(Stored dataset items)
<<<<

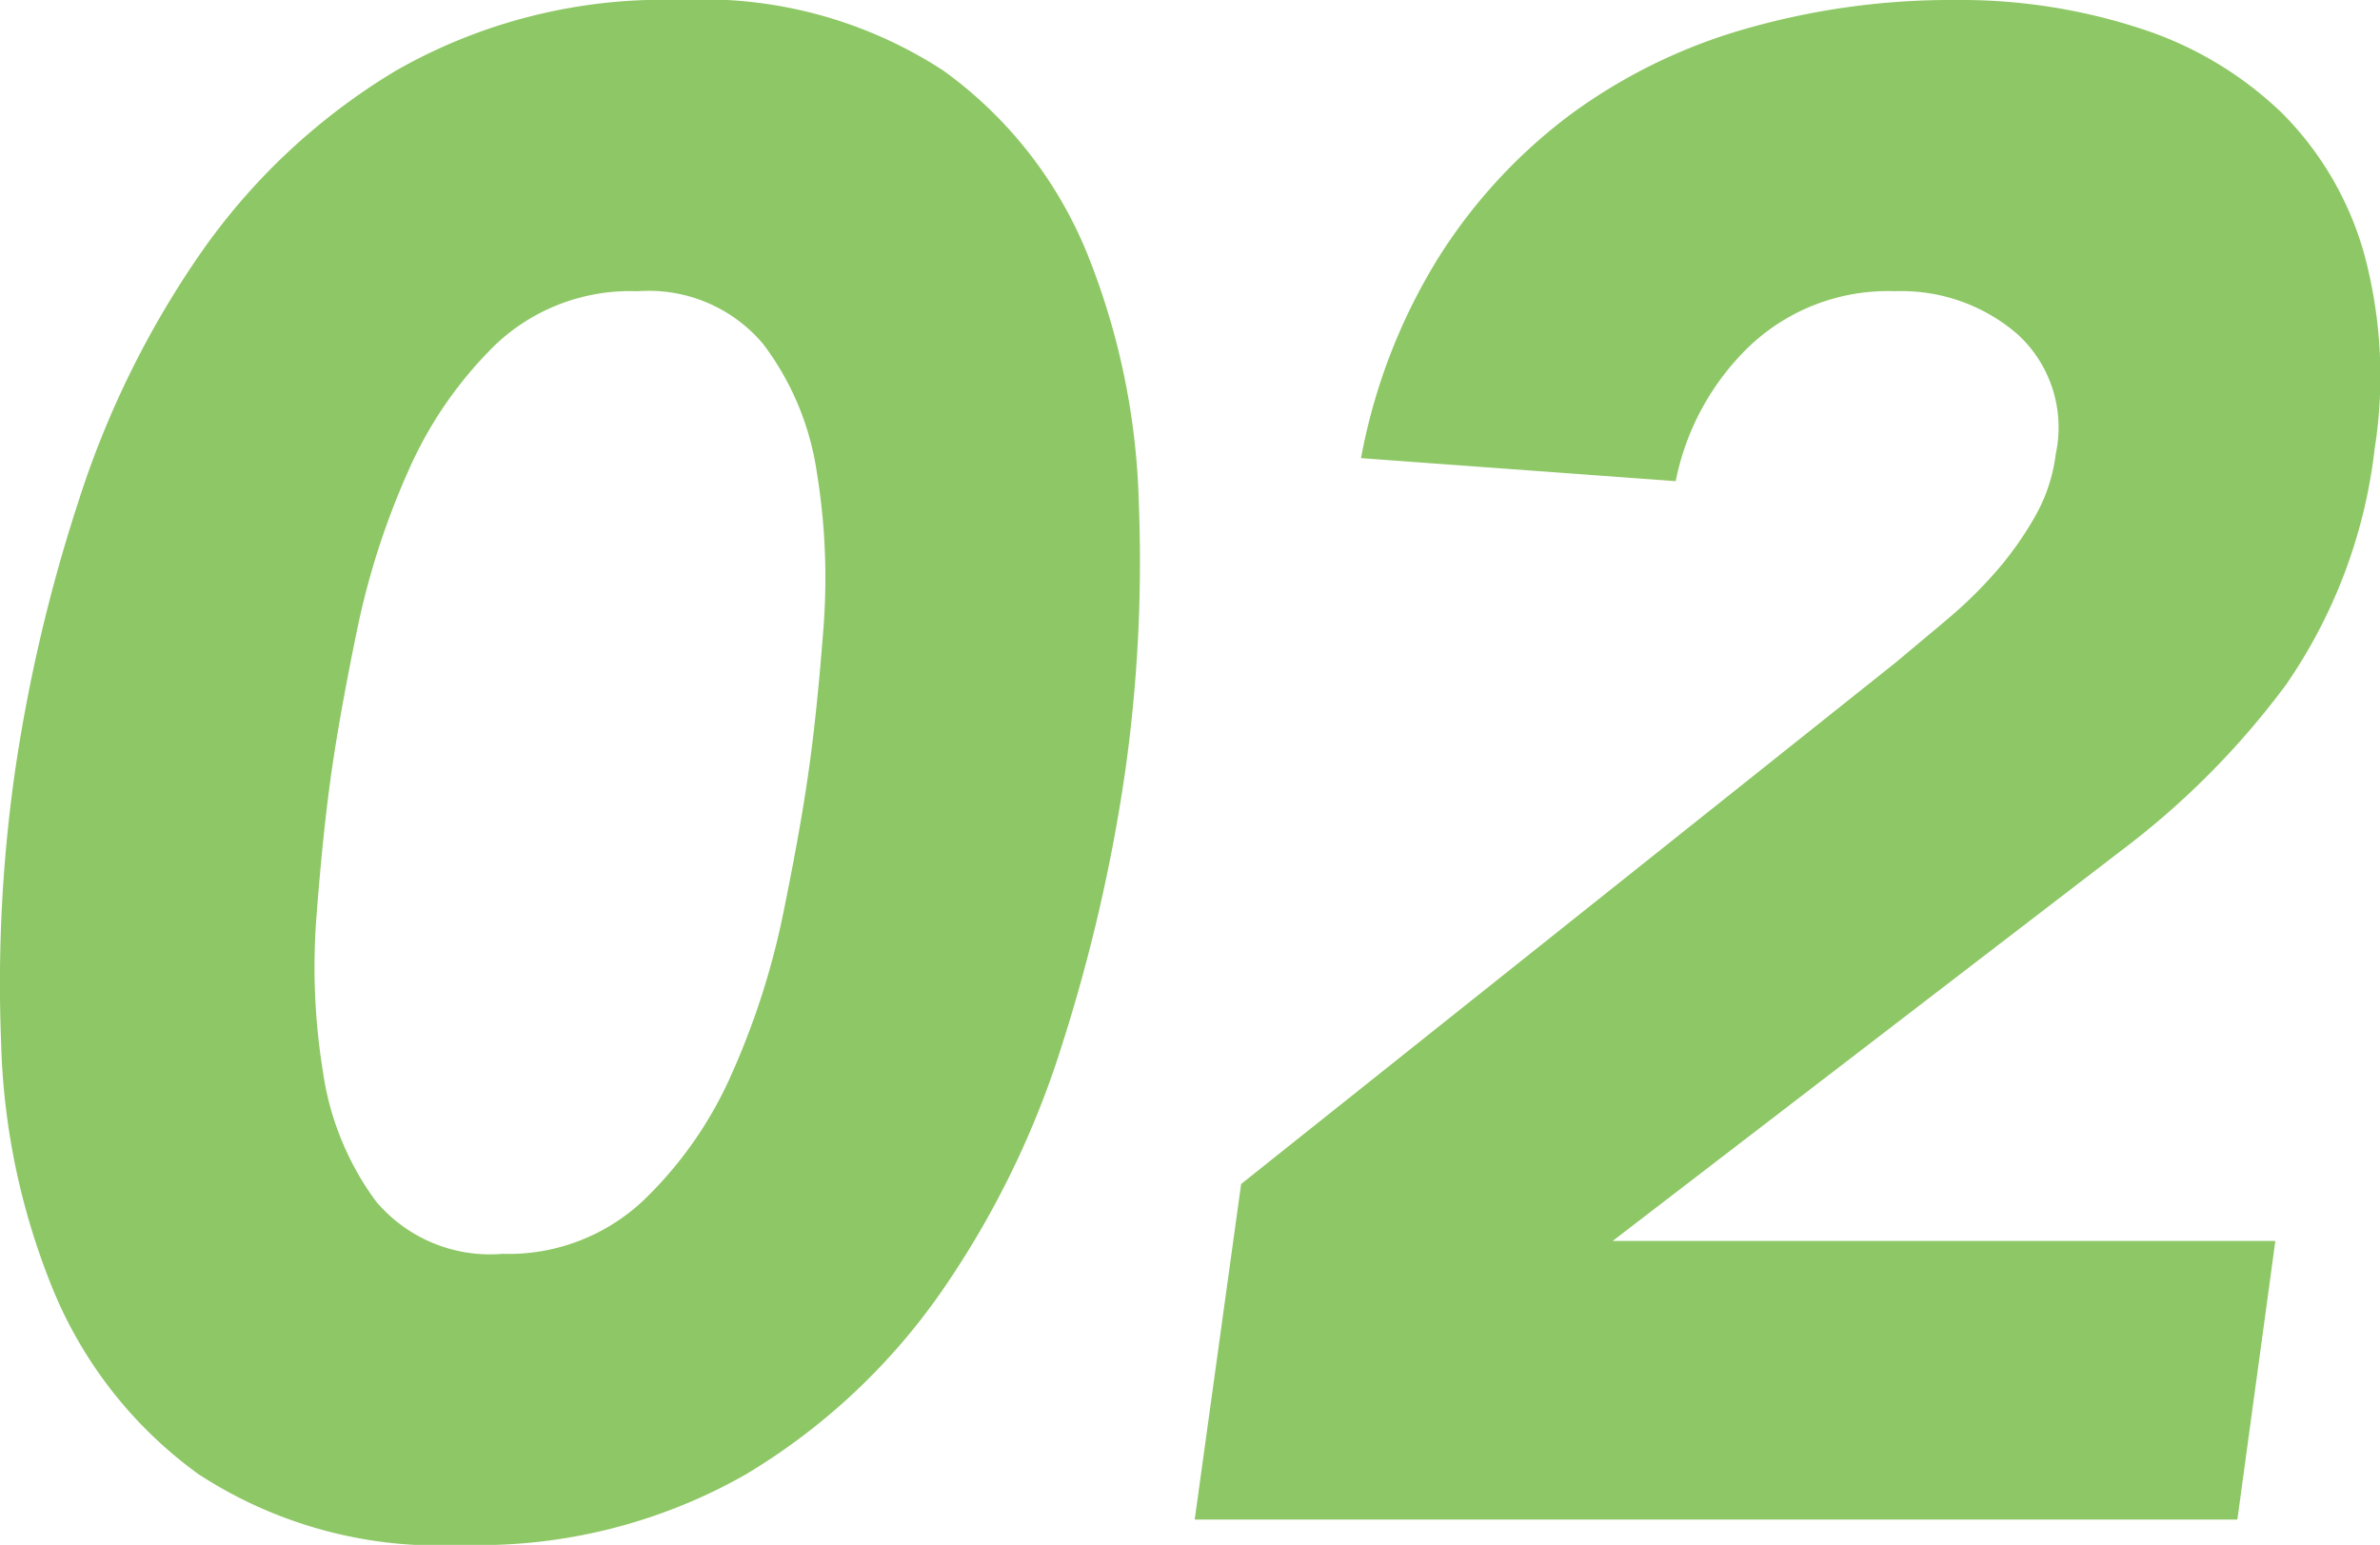 <svg xmlns="http://www.w3.org/2000/svg" width="62.019" height="40.26" viewBox="0 0 62.019 40.26">
  <path id="パス_7374" data-name="パス 7374" d="M-28.05-19.47a42.4,42.4,0,0,1,1.65-7.04A24.322,24.322,0,0,1-23.21-33a16.594,16.594,0,0,1,5.087-4.757,14.061,14.061,0,0,1,7.4-1.843A11.455,11.455,0,0,1-3.85-37.757,10.98,10.98,0,0,1-.11-33a18.679,18.679,0,0,1,1.348,6.49A39.065,39.065,0,0,1,.88-19.47,44.171,44.171,0,0,1-.743-12.43,23.72,23.72,0,0,1-3.905-5.94,16.594,16.594,0,0,1-8.993-1.183,14.061,14.061,0,0,1-16.39.66a11.455,11.455,0,0,1-6.875-1.843A11.176,11.176,0,0,1-27.033-5.94a18.277,18.277,0,0,1-1.375-6.49A39.065,39.065,0,0,1-28.05-19.47Zm8.25,0q-.22,1.54-.385,3.685a17.059,17.059,0,0,0,.165,4.125A7.477,7.477,0,0,0-18.645-8.3a3.879,3.879,0,0,0,3.3,1.375A5.121,5.121,0,0,0-11.688-8.3,10.3,10.3,0,0,0-9.35-11.66a20.041,20.041,0,0,0,1.32-4.125q.44-2.145.66-3.685t.385-3.685A17.06,17.06,0,0,0-7.15-27.28a7.3,7.3,0,0,0-1.4-3.355,3.893,3.893,0,0,0-3.273-1.375,5.1,5.1,0,0,0-3.685,1.375,10.515,10.515,0,0,0-2.31,3.355,20.041,20.041,0,0,0-1.32,4.125Q-19.58-21.01-19.8-19.47ZM3.905-8.745,20.955-22.33q.66-.55,1.347-1.128a11.539,11.539,0,0,0,1.265-1.237,8.782,8.782,0,0,0,1.017-1.43,4.392,4.392,0,0,0,.55-1.65,3.289,3.289,0,0,0-.99-3.108,4.616,4.616,0,0,0-3.19-1.128,5.247,5.247,0,0,0-3.8,1.43,6.678,6.678,0,0,0-1.925,3.52l-8.2-.6a15.113,15.113,0,0,1,2.035-5.252,13.9,13.9,0,0,1,3.437-3.713,14.31,14.31,0,0,1,4.565-2.227A19.339,19.339,0,0,1,22.5-39.6a15.058,15.058,0,0,1,4.84.743,9.508,9.508,0,0,1,3.685,2.2A8.4,8.4,0,0,1,33.165-33a12.213,12.213,0,0,1,.275,5.115,13.507,13.507,0,0,1-2.31,6.133,21.254,21.254,0,0,1-4.29,4.318L13.585-7.26h17.27L29.865,0H2.695Z" transform="translate(28.437 39.6)" fill="#8ec765"/>
</svg>
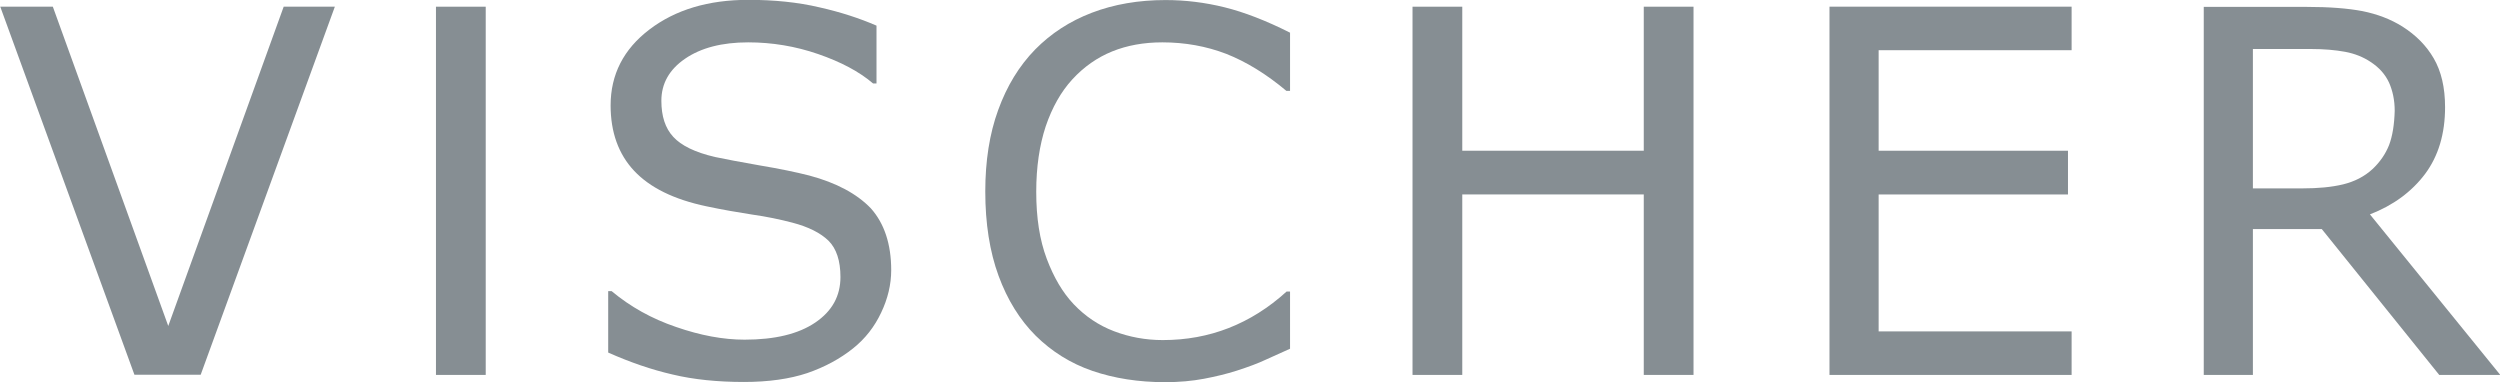 <?xml version="1.0" encoding="utf-8"?>
<!-- Generator: Adobe Illustrator 24.1.2, SVG Export Plug-In . SVG Version: 6.00 Build 0)  -->
<svg version="1.1"
	 id="svg2416" xmlns:cc="http://creativecommons.org/ns#" xmlns:dc="http://purl.org/dc/elements/1.1/" xmlns:inkscape="http://www.inkscape.org/namespaces/inkscape" xmlns:rdf="http://www.w3.org/1999/02/22-rdf-syntax-ns#" xmlns:sodipodi="http://sodipodi.sourceforge.net/DTD/sodipodi-0.dtd" xmlns:svg="http://www.w3.org/2000/svg"
	 xmlns="http://www.w3.org/2000/svg" xmlns:xlink="http://www.w3.org/1999/xlink" x="0px" y="0px" viewBox="0 0 1241.1 189.7"
	 style="enable-background:new 0 0 1241.1 189.7;" xml:space="preserve">
<style type="text/css">
	.st0{fill:#868E93;}
</style>
<defs>
	
		<inkscape:perspective  id="perspective2424" inkscape:persp3d-origin="372.04724 : 350.78739 : 1" inkscape:vp_x="0 : 526.18109 : 1" inkscape:vp_y="0 : 1000 : 0" inkscape:vp_z="744.09448 : 526.18109 : 1" sodipodi:type="inkscape:persp3d">
		</inkscape:perspective>
</defs>
<sodipodi:namedview  bordercolor="#666666" borderopacity="1.0" id="base" inkscape:current-layer="layer1" inkscape:cx="103.55767" inkscape:cy="39.454151" inkscape:document-units="px" inkscape:pageopacity="0.0" inkscape:pageshadow="2" inkscape:window-height="708" inkscape:window-width="1024" inkscape:window-x="-4" inkscape:window-y="-4" inkscape:zoom="3.269122" pagecolor="#ffffff" showgrid="false">
	</sodipodi:namedview>
<g id="layer1" transform="translate(-222.069,-343.475)" inkscape:groupmode="layer" inkscape:label="Ebene 1">
	<path id="path31" class="st0" d="M664.5,477.6c0,7.1-1.7,14.2-5,21.1c-3.3,7-7.9,12.9-13.9,17.7c-6.5,5.2-14.1,9.3-22.8,12.3
		c-8.7,2.9-19.2,4.4-31.4,4.4c-13.1,0-25-1.2-35.4-3.7c-10.5-2.4-21.2-6.1-32-10.9v-30.5h1.7c9.2,7.7,19.9,13.7,32,17.8
		c12.1,4.2,23.4,6.3,34,6.3c15,0,26.7-2.8,35.1-8.5c8.4-5.7,12.5-13.2,12.5-22.6c0-8.1-2-14.1-5.9-18c-4-3.9-10-6.9-18-9
		c-6.1-1.6-12.8-3-19.9-4c-7.1-1.1-14.7-2.4-22.7-4.1c-16.2-3.4-28.1-9.3-35.9-17.6c-7.8-8.3-11.7-19.2-11.7-32.5
		c0-15.3,6.4-27.9,19.3-37.7c12.9-9.8,29.2-14.7,49.1-14.7c12.8,0,24.6,1.2,35.2,3.7c10.7,2.4,20.1,5.5,28.4,9.1v28.7h-1.7
		c-6.9-5.9-16-10.7-27.3-14.6c-11.3-3.9-22.9-5.8-34.7-5.8c-13,0-23.4,2.7-31.3,8.1c-7.9,5.4-11.8,12.4-11.8,20.9
		c0,7.6,1.9,13.6,5.9,17.9c3.9,4.3,10.8,7.7,20.7,10c5.2,1.1,12.6,2.5,22.3,4.2c9.6,1.6,17.8,3.3,24.5,5
		c13.5,3.6,23.7,9.1,30.6,16.3C661,454.3,664.5,464.5,664.5,477.6"/>
	<path id="path33" class="st0" d="M862.5,516.6c-4.5,2-8.5,3.8-12.2,5.5c-3.6,1.7-8.4,3.5-14.3,5.4c-5,1.6-10.4,2.9-16.2,4
		c-5.8,1.1-12.3,1.7-19.3,1.7c-13.2,0-25.3-1.9-36.1-5.6c-10.8-3.7-20.2-9.6-28.2-17.5c-7.8-7.8-14-17.7-18.4-29.7
		c-4.4-12-6.6-26-6.6-41.9c0-15.1,2.1-28.6,6.4-40.4c4.3-11.9,10.4-21.9,18.4-30.1c7.8-7.9,17.1-14,28.1-18.2
		c11-4.2,23.2-6.3,36.6-6.3c9.8,0,19.6,1.2,29.3,3.6c9.7,2.4,20.6,6.6,32.5,12.6v28.9h-1.8c-10-8.4-20-14.5-29.9-18.4
		c-9.9-3.8-20.5-5.7-31.7-5.7c-9.2,0-17.5,1.5-24.9,4.5c-7.4,3-14,7.6-19.8,13.9c-5.6,6.1-10,13.9-13.2,23.3
		c-3.1,9.4-4.7,20.2-4.7,32.5c0,12.9,1.7,23.9,5.2,33.2c3.5,9.3,7.9,16.8,13.4,22.6c5.7,6,12.4,10.5,20,13.4
		c7.6,2.9,15.7,4.4,24.2,4.4c11.7,0,22.6-2,32.8-6c10.2-4,19.8-10,28.7-18.1h1.7V516.6"/>
	<path id="path35" class="st0" d="M1408.1,415.5c-1.8,4.5-4.5,8.4-8.2,11.9c-4,3.7-8.9,6.2-14.6,7.6c-5.8,1.4-12.5,2-20.2,2h-24.6
		v-69.2h28.7c6.6,0,12.2,0.5,17.1,1.4c4.8,0.9,9,2.6,12.6,5c4.3,2.8,7.3,6.2,9.2,10.3c1.8,4.1,2.8,8.7,2.8,14
		C1410.7,405.4,1409.8,411,1408.1,415.5z M1398.6,449.9c11.6-4.5,20.7-11.2,27.4-20.1c6.6-8.9,9.9-19.9,9.9-33.1
		c0-9.8-1.9-17.8-5.6-24.2c-3.7-6.4-8.9-11.6-15.5-15.8c-5.9-3.7-12.5-6.2-19.9-7.7c-7.4-1.4-16.6-2.1-27.6-2.1h-51.2v182.7h24.4
		v-72.4h34.2l58.3,72.4h30.3L1398.6,449.9"/>
	<path id="path37" class="st0" d="M388.3,346.8l-66.6,182.7h-32.9l-66.6-182.7h26.1l57.3,158.5l57.3-158.5H388.3"/>
	<path id="path39" class="st0" d="M1062.8,529.6h-24.7V440h-90.1v89.6h-24.7V346.8h24.7v71.5h90.1v-71.5h24.7V529.6"/>
	<path id="path41" class="st0" d="M438.5,529.6h24.7V346.8h-24.7V529.6z"/>
	<path id="path43" class="st0" d="M1250.5,529.6h-120.2V346.8h120.2v21.6h-95.8v49.9h94V440h-94v68h95.8V529.6"/>
</g>
</svg>

>>>>

What this task involves: Lines with the word "perspective": copy each one from the data above.

Reply to the exercise:
		<inkscape:perspective  id="perspective2424" inkscape:persp3d-origin="372.04724 : 350.78739 : 1" inkscape:vp_x="0 : 526.18109 : 1" inkscape:vp_y="0 : 1000 : 0" inkscape:vp_z="744.09448 : 526.18109 : 1" sodipodi:type="inkscape:persp3d">
		</inkscape:perspective>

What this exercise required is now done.